Spiritual Ecstasy

Introduction

Most men and women in the 21st century find the concept of sacrifices to be an antiquated and confounding element of the Torah. The idea of taking an animal and slaughtering it seems to be a relic of a bygone age. Yet the Torah tells us in no uncertain terms that when the temple is built that sacrifices will once again be brought. Every day a Jew prays:

“ and return the temple service to your home, and the fires of G-d and their prayers should be received with will….”.

It is clear that sacrifices are an essential part of “service”. In the ethics of our fathers, Shimon the righteous said that the world stands on “service”, and while that service could relate to prayer, its main essential component is expressed through sacrifices. If that is the case, it is a worthwhile endeavour to understand the essence of the sacrifice.

Sacrifices - a mistranslation

The word for sacrifice is Korban, and it is generically translated as a “sacrifice”. However, this is a mistake. The word comes from the word “Karov”- which means close. The sacrifice is essentially a method of becoming closer to G-d. How does slaughtering an animal and then burning it on an altar constitute this process?

The “Elevation” Offering

There is not enough time to examine all the offerings, but for the purposes of this chapter, we will focus on the first sacrifice - the “Olah”, or elevation offering.

The Torah has this to say:

(G-d) called to Moshe, and Hashem spoke to him from the tent of testimony saying: Speak to Bnei Yisrael, and tell them: A man who brings from you a “Korban” to Hashem, from the cattle, the sheep you should bring your sacrifice. If his sacrifice is an elevation offering from the cattle, he should bring a perfect male from the cattle, to the entrance of the tent of testimony he should bring it, according to his will in front of G-d. (Vayikra1, 1-3)

There is a very clear emphasis in these verses about the individual who brings a sacrifice. The sacrifice is “from you”, “he should bring it”, “his sacrifice”, and “he should bring”, and “according to his will”. The Abarbanel (and Talmud besides!) explains that the emphasis is intentional. The reason that the sacrifice is brought is not as a response to something but rather as a personal desire - either in the form of a donation or an oath. This begs the question: why would a person bring a sacrifice for no specific reason? Furthermore, the verse tells us that the sacrifice should be acceptable to him to atone in front of G-d. If the person is not bringing a sacrifice because he or she did something wrong, how has he or she sinned?

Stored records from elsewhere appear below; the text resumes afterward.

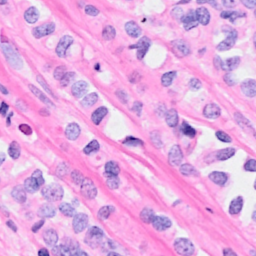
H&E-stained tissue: Breast
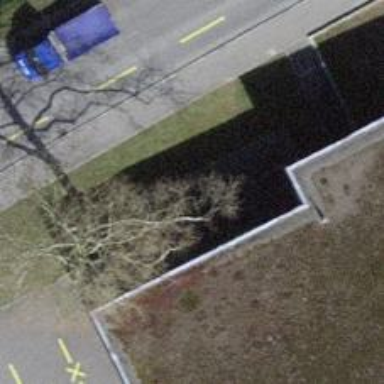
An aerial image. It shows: Bicycle parking area with rack.
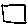
Label: square

It is in within the act of the sacrifice’s service that the answer to these questions is found. The animal is cut into its various bits and then put onto the altar, where it is completely consumed. There are no parts of the sacrifice which are left over for the priests or for the owner[1]. The sacrifice is a personification of the one who brings it, and his or her desire to be completely one with G-d, so close as to be indistinguishable from His presence. The fire is an expression of G-d, because G-d is described in Deuteronomy as a “consuming fire”. Just as the animal becomes consumed by fire, the person bringing it is consumed within the fire, to the extent that nothing is left of the sacrifice at the end.[2] The ultimate consumption of the fire, body, blood and bones to ash is symbolic of absolute immersion within the divine, making it all one, unifying gas, solid and liquid within the purifying fire of G-d.

It is interesting to compare this a person’s purification within the Mikveh. When a person immerses themselves in the Mikveh, the entire body needs to be immersed within it. Any separation between the body and the water invalidates the process. This is a physical immersion within holiness. The sacrifice is not a physical immersion, but rather a spiritual one, a psychological journey of the soul towards its maker, an attempt to be one with the Unity that is G-d.

The Abarbanel notes that it is impossible for a person to be absolutely perfect. He also points out that the Talmud understands the sin to be brought for “hirhurei halev” - or improper thoughts. Mankind is not punished for those thoughts, but it does create an element of sin. It is for these thoughts that people would be forgiven, enabling them to have this experience of ultimate connection to holiness which can bear no impurities.

The person which brings the sacrifice is called “ADAM” - a man who brings a sacrifice to G-d. Based on the interpretation of the Abarbanel, this nomenclature is based on the first man’s status before eating from the fruit of knowledge of good and evil. When a person brings an “elevation offering” he or she achieves the level of Adam, the first man who was created a priori with absolute connection to G-d. They are completely subsumed by the fire of G-d.

[1] Which is not the case for the Korban Chatat, or the Korban Shelamim.

[2] As is described at the beginning of the Parasha of Tzav, where the fires are tended from “morning until evening”.